Violence and risky sex are behaviors that may prove more resistant than any virus or bacteria, embedded as they are in the American psyche, reinforced as they are in broken homes, on street corners, and in the virtual reality of video and movies. Violence is more prevalent in America than alcoholism. Homosexual men may have reduced their risk of exposure to AIDS by modifying their sexual behavior, but the population of young heterosexual males David Satcher is targeting has been especially resistant to other public health messages.

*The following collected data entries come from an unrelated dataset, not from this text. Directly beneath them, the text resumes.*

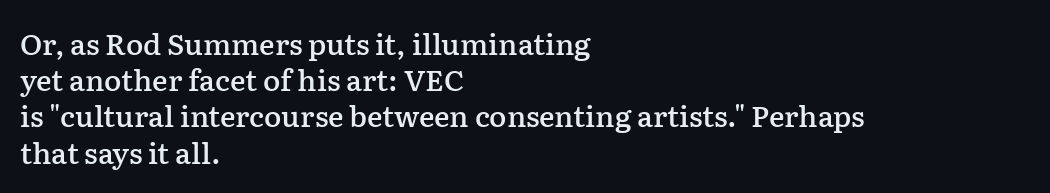
Q: Is the text bold? A: Semi-bold.
Q: Is the text italic (slanted)? A: No, it is upright.
Q: Is the typeface a serif or a sans-serif typeface? A: Serif.
Q: Is the text underlined? A: No.
Q: How is the paragraph aligned? A: Left-aligned.
Q: Is the spacing between letters normal or unusually wide? A: Normal.
Q: Is the spacing between lines tight, normal or loose? A: Normal.
Q: Width (condensed, normal, or wide)? A: Normal.
Q: Stroke contrast? A: Low.
Q: x-height? A: Medium.
Q: Monospaced? A: No.
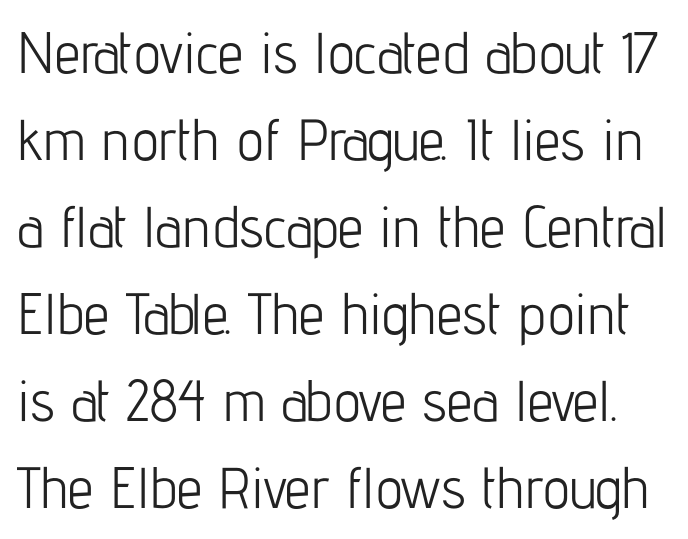
Do the letters lean? They stand straight. Successive baselines arrive at the customary interval. The string is rendered with underlining switched off. How are the letters spaced? Ordinarily, with no added tracking. Think of a printed novel: that variable character pitch is what you see here. Examine the stroke ends and you'll find no serifs.
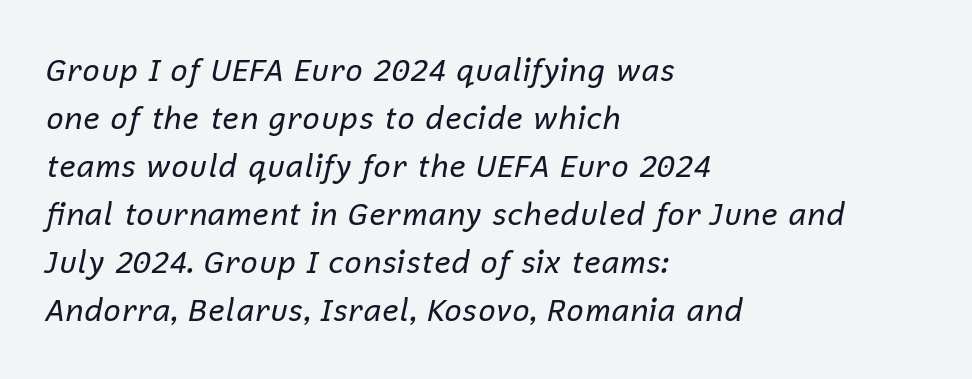
Q: Is the text bold? A: No.
Q: Is the text italic (slanted)? A: Yes, it leans right by about 12 degrees.
Q: Is the text underlined? A: No.
Q: How is the paragraph aligned? A: Left-aligned.
Q: Is the spacing between letters normal or unusually wide? A: Normal.
Q: Is the spacing between lines tight, normal or loose? A: Normal.
Q: Width (condensed, normal, or wide)? A: Normal.
Q: Stroke contrast? A: Low.
Q: x-height? A: Medium.
Q: Monospaced? A: No.
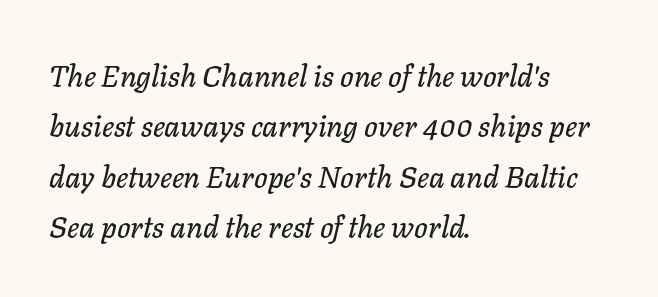
The image shows 30 px text type, italic (leaning right); set left-aligned, normal line spacing (1.68x), normal letter spacing, not underlined; low stroke contrast and a medium x-height.
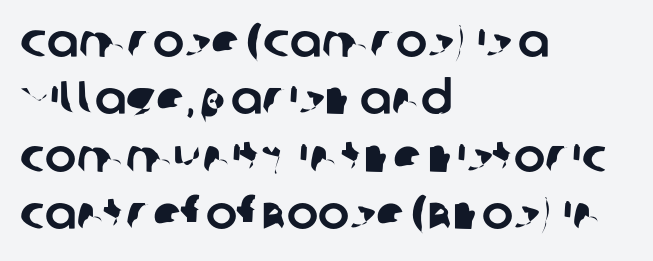
Q: Is the typeface a serif or a sans-serif typeface? A: Sans-serif.
Q: Is the text underlined? A: No.
Q: How is the paragraph aligned? A: Left-aligned.
Q: Is the spacing between letters normal or unusually wide? A: Normal.
Q: Width (condensed, normal, or wide)? A: Normal.
Q: Stroke contrast? A: Low.
Q: x-height? A: Large.
Q: Monospaced? A: No.
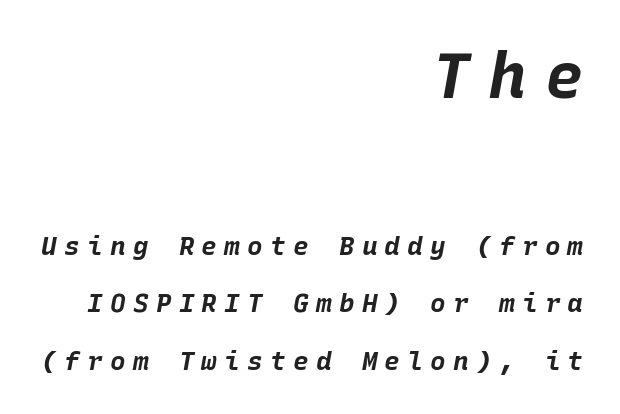
Every character here occupies the same horizontal width, giving the sample a typewriter-like rhythm. The passage shown begins with its larger block and ends with its smaller one. Rendered with sloped, italic letterforms. Only glyphs here, with clear space below each row. The face used here has the dense, thick strokes of a bold.
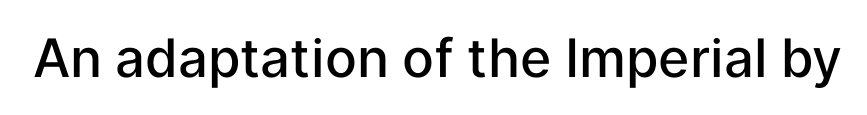
Nope, no serifs anywhere on these letters. Students, note that the glyphs here touch the page at normal intervals. The specimen reads as upright at a glance. Do the characters align in a grid? No, the font is proportional. Underline: absent.
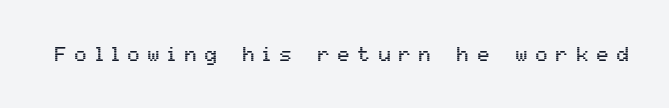
Q: Is the text italic (slanted)? A: No, it is upright.
Q: Is the text underlined? A: No.
Q: Is the spacing between letters normal or unusually wide? A: Unusually wide.
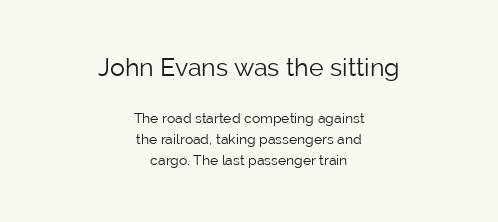
The image shows 25 px text type, upright; set centered, normal line spacing (1.5x), normal letter spacing, not underlined; the first (top) block is 1.79x larger.
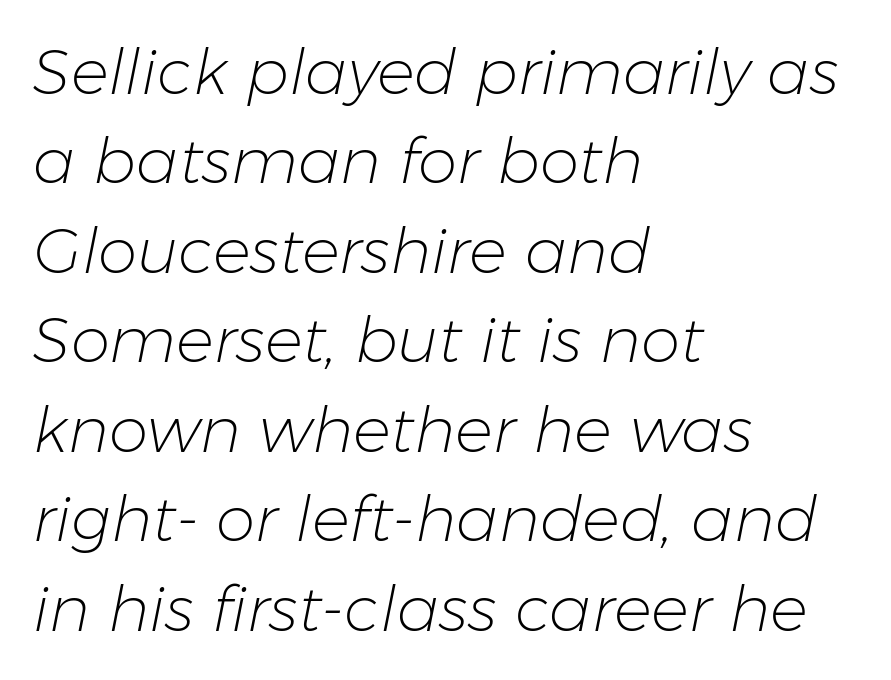
Q: Is the text bold? A: No.
Q: Is the text italic (slanted)? A: Yes, it leans right by about 11 degrees.
Q: Is the text underlined? A: No.
Q: How is the paragraph aligned? A: Left-aligned.
Q: Is the spacing between letters normal or unusually wide? A: Normal.
Q: Is the spacing between lines tight, normal or loose? A: Normal.
Q: Width (condensed, normal, or wide)? A: Normal.
Q: Stroke contrast? A: Low.
Q: x-height? A: Medium.
Q: Monospaced? A: No.
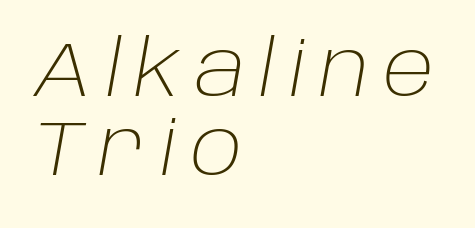
The space between consecutive lines is stingy. Is the type slanted? Yes — the strokes lean at a clear angle. Spacing verdict: proportional, widths tailored to each character. Caption: face not bold, strokes unweighted. The ragged edge is on the right, which tells us the setting is flush left.
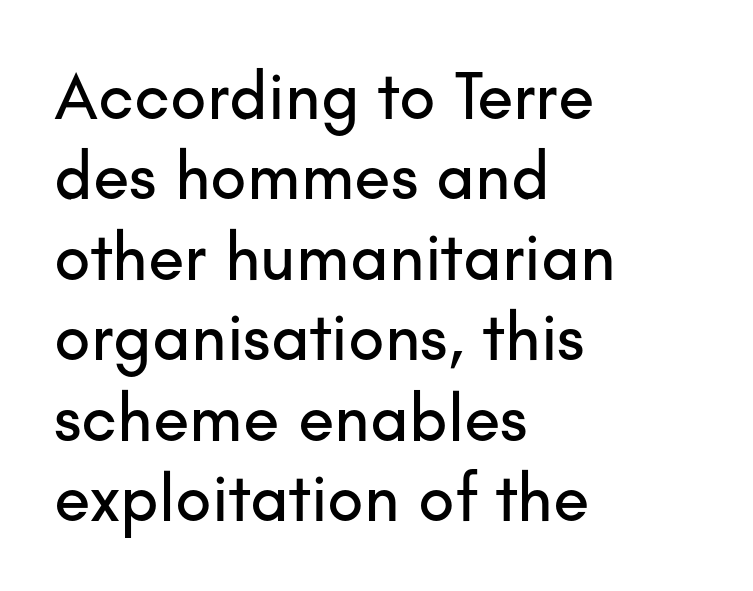
Q: Is the text italic (slanted)? A: No, it is upright.
Q: Is the typeface a serif or a sans-serif typeface? A: Sans-serif.
Q: Is the text underlined? A: No.
Q: How is the paragraph aligned? A: Left-aligned.
Q: Is the spacing between letters normal or unusually wide? A: Normal.
Q: Width (condensed, normal, or wide)? A: Normal.
Q: Stroke contrast? A: Low.
Q: x-height? A: Small.
Q: Monospaced? A: No.
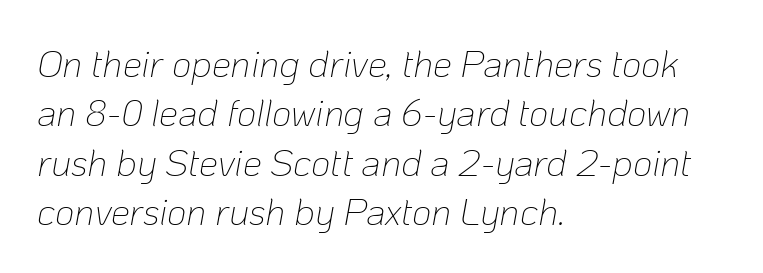
Here the designer chose a conventional face with non-uniform glyph widths. Line spacing here is normal. The font sits on the lighter half of the weight spectrum, regular included. Compared with a centered layout, this one pins lines to the left instead. The line texture is even and compact thanks to regular tracking. Does the lettering tilt? It does — this is italic.
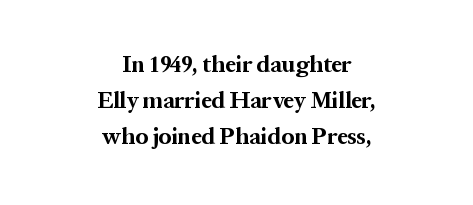
The image shows 23 px bold type, upright; set centered, normal line spacing (1.57x), normal letter spacing, not underlined.
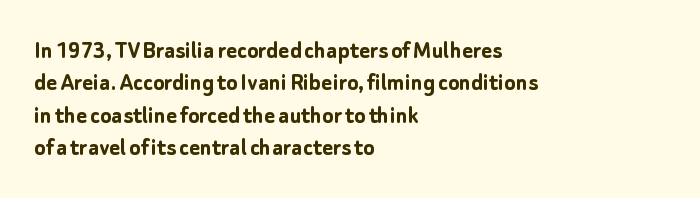
Interline gaps are of average width in this sample. Words float on clear page, feet unadorned. Weight check: bold — yes, fully. These lines were composed using upright roman letters.

The problem may lie beyond the reach of the CDC’s determined epidemiologists. There is increasing evidence of a genetic link to aggressive behavior. Broken homes, broken families, deprivation, drugs, and poverty may alter the balance of chemicals deep in the brain and trigger aggression. These are highly charged issues. Recently, the Reverend Jesse Jackson’s singling out a violent subpopulation he labeled “Bad Black Brothers” triggered a backlash among some African Americans worried about the dangers of negative stereotyping.
In leading CDC, David Satcher must be sensitive to these and a thousand other issues. He must be aggressive and thick-skinned, political but never partisan. “We’ve got to continue to reinvent ourselves,” he says. If CDC doesn’t, there are a lot of folk out there who will.
Vincent Coppola was an Atlanta magazine contributing editor.